A mixed-effects model was used to define between-sheep variability in pharmacokinetic parameters and random unexplained variability in the measured concentrations [24,25]. Predictable (fixed effect) sources of variability were investigated based on predicted fetal weight at each dose and concentration measurement, preterm or term group, asphyxia, ischemia and hypothermia.

As described above, it has been previously reported that rEPO elimination is linked to the extent of binding with EPO-R. In the preterm asphyxia-rEPO infusion 2000 IU group, there was evidence of increased liver weight and hematopoietic cell mass in the liver at 7 days after the start of rEPO treatment, which may be the primary mechanism of rEPO clearance mediated by increased EPO-R. A model was developed to describe an induction effect of rEPO exposure on a tissue assumed to be EPO-R and hereafter described as ERmass (Supplementary Table S5).
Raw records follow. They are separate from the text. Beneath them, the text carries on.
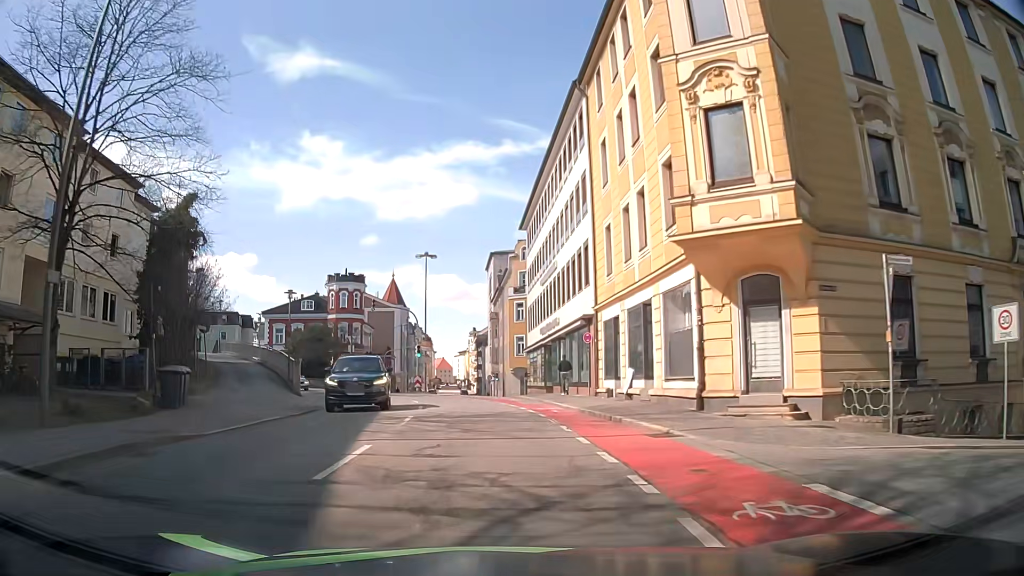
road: tertiary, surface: asphalt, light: Day
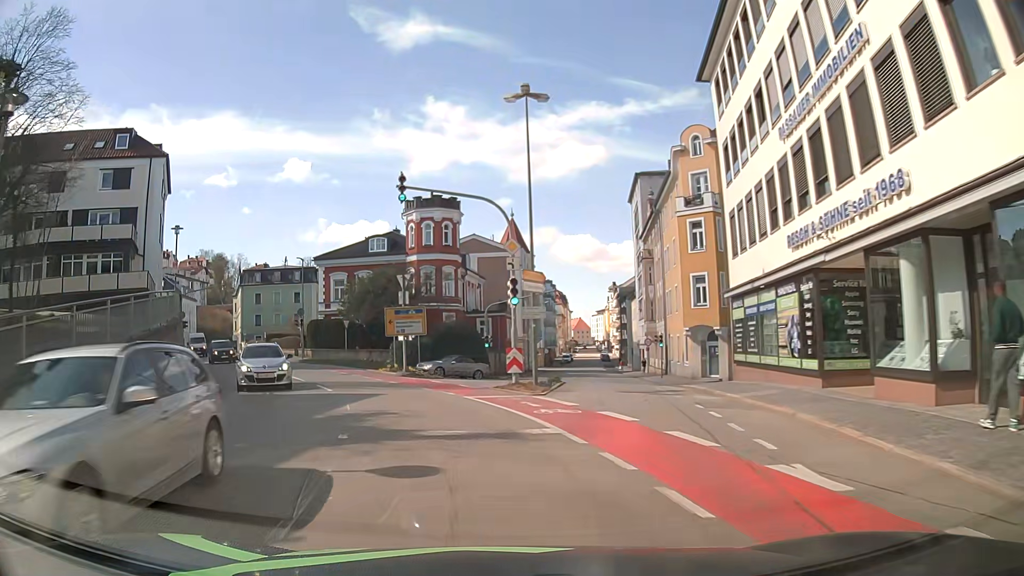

In this model, the effect of rEPO on ERmass induction takes time, with a delay described by a mean transit time (MTT) using a series of transit compartments. The output of the transit chain is an effect concentration (Ce). ERmass increase is driven by Ce using a sigmoid Emax model with maximum effect EmaxVM, sensitivity C50VM, defined as Ce at 50% of EmaxVM, and steepness HillVM. The fold increase in rEPO elimination capacity, VmaxT, changes with rEPO exposure and thus with time and is assumed to be proportional to ERmass.
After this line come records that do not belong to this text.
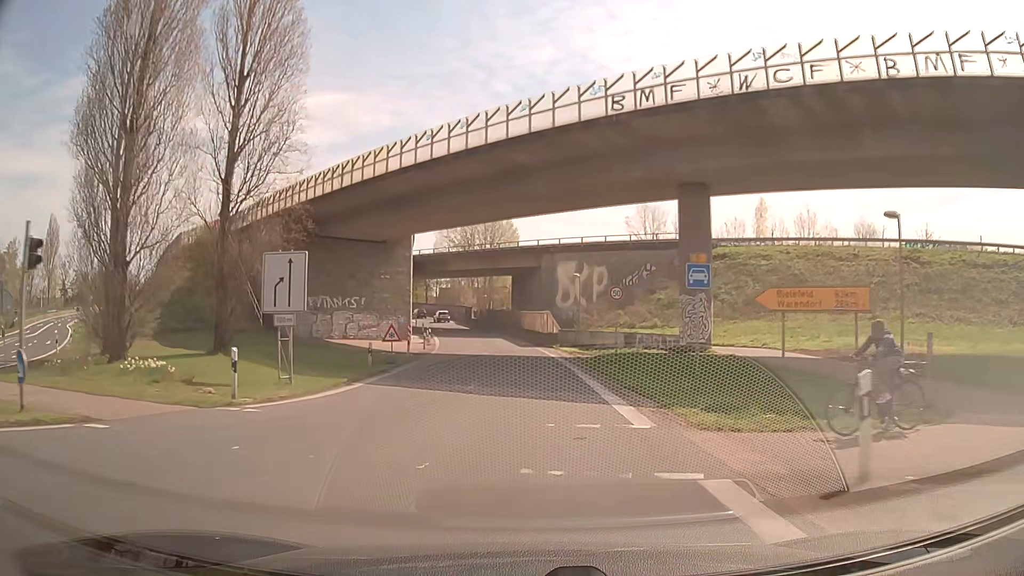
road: trunk_link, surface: asphalt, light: Day
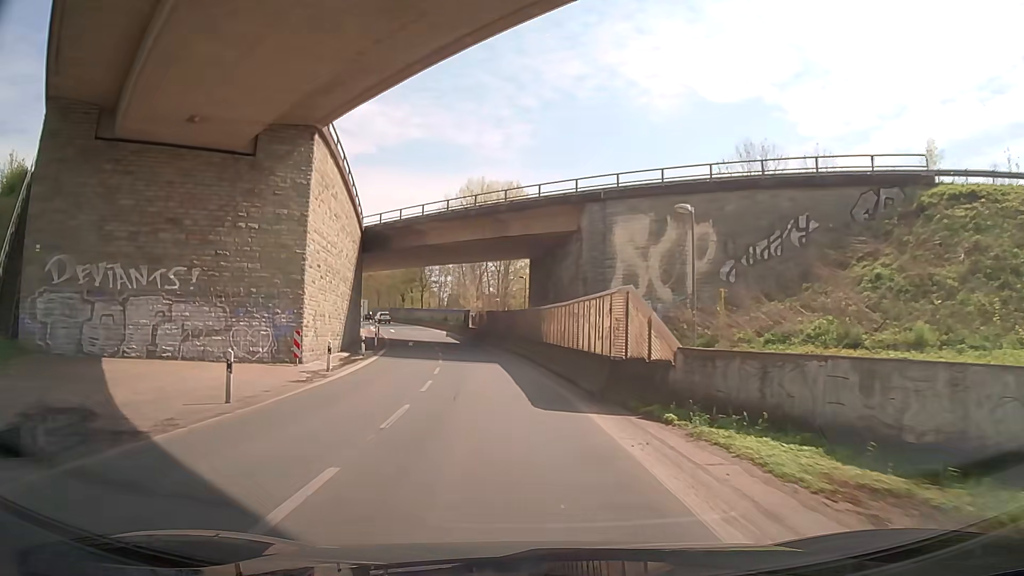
(+0.1, +31.1) m; -2°
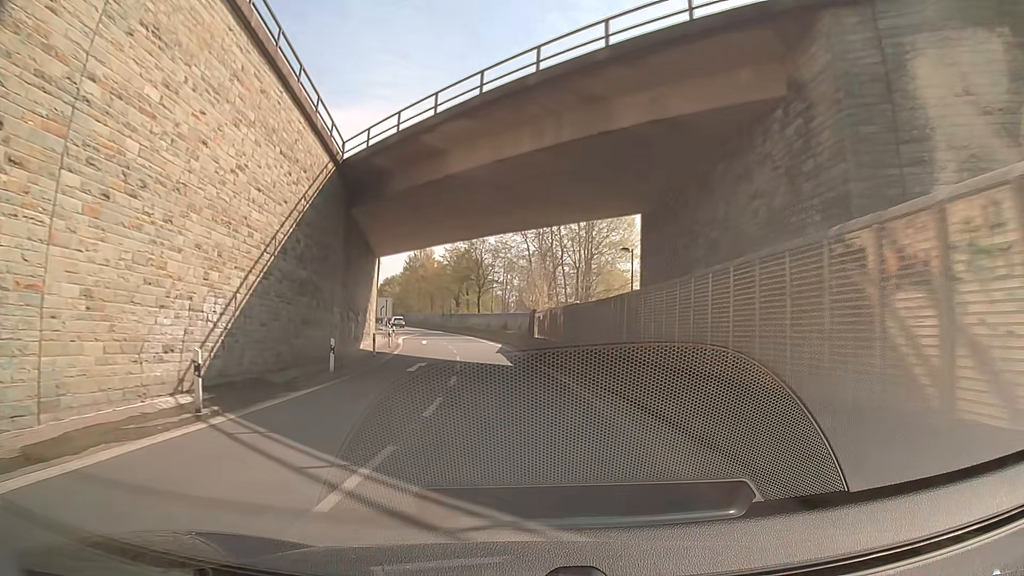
(-1.1, +23.0) m; -6°
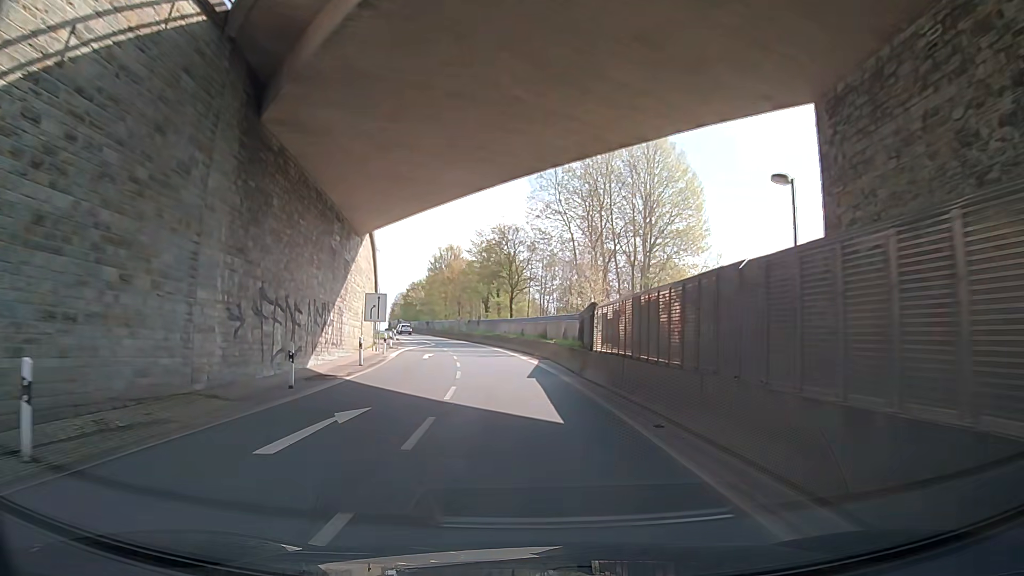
(-0.4, +15.2) m; -3°
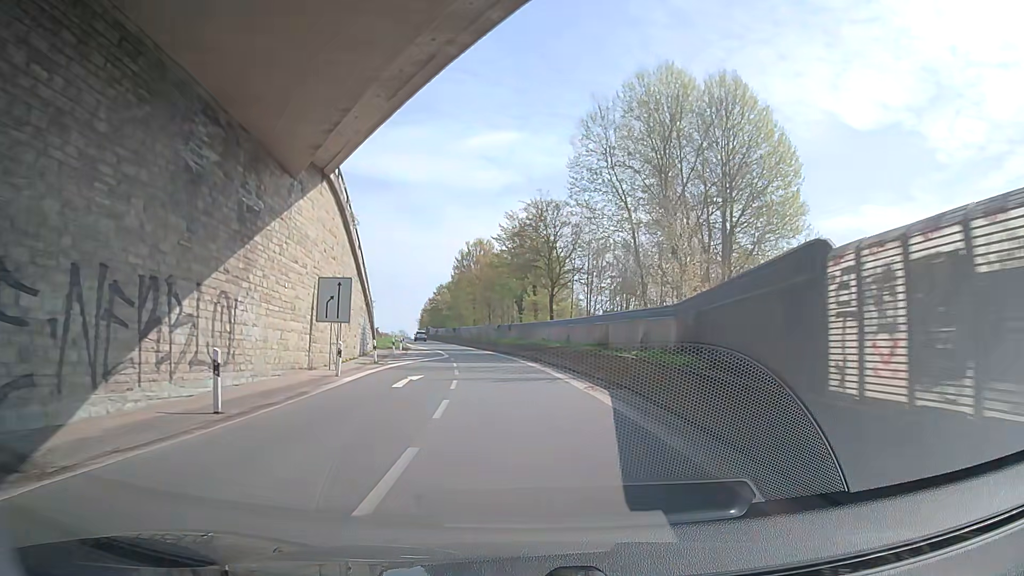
(-0.4, +15.1) m; -2°
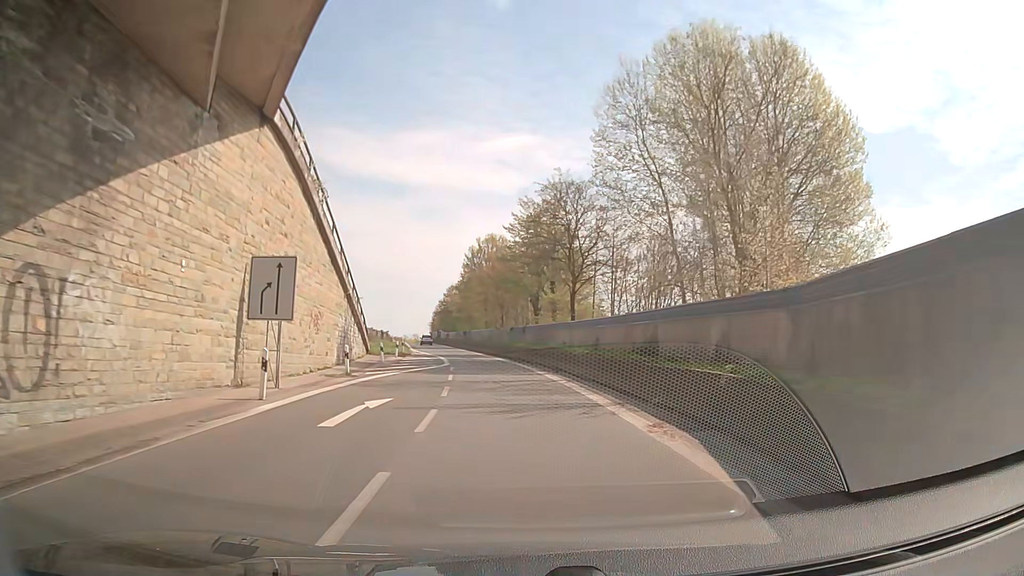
(-0.1, +7.5) m; -1°

Parameter estimation was performed using NONMEM 7.4.4 [60] and Wings for NONMEM [61]. The model evaluation used visual predictive checks [62,63] and non-parametric bootstrap statistics describing the parameter estimates [64,65].

4.5. Histology

The liver tissue was immersion-fixed in 10% phosphate-buffered formalin (Global Science, Auckland, New Zealand). The fixed tissue was processed using an automated enclosed tissue processor (Leica APS 300S, Bio-Strategy Ltd., Auckland, New Zealand), and then embedded in paraffin wax (Paraplast® Regular, Sigma-Aldrich, St. Louis, MO, USA). The 10 µm transverse sections were cut using a microtome (Leica Jung RM2035, Leica Microsystems Ltd., Albany, New Zealand), and mounted on poly-L-lysine (Sigma-Aldrich)-coated slides. For histological assessment, sections were deparaffinized in xylene, rehydrated in graded series of ethanol, and then washed in phosphate-buffered saline (0.1 mol/L). Hematoxylin and eosin staining was performed using standard procedures, and then the tissue was dehydrated in increasing concentrations of alcohol and mounted. Sections were imaged using light microscopy (Nikon Eclipse 80i, Scitech Ltd., Preston, Australia) at 20x magnification (image size 512 µm × 384 µm), and hematopoietic cells and hepatocytes were identified by morphological features. Quantitative assessment was performed by measuring the area of the tissue occupied by hematopoietic cell clusters on the 20X magnification images using Image J. An average of five fields were taken from each section.

4.6. Statistical Analysis

The data for fetal hematology, post-mortem weights and liver hematopoietic cluster area were evaluated by analysis of variance (ANOVA, SPSS version 23, SPSS Inc., Chicago, IL, USA). Where a significant overall effect of group was found, between-group comparisons were performed by univariate analysis with LSD pair-wise comparisons. Statistical significance was accepted as p < 0.05. Data are presented as the average ± SEM.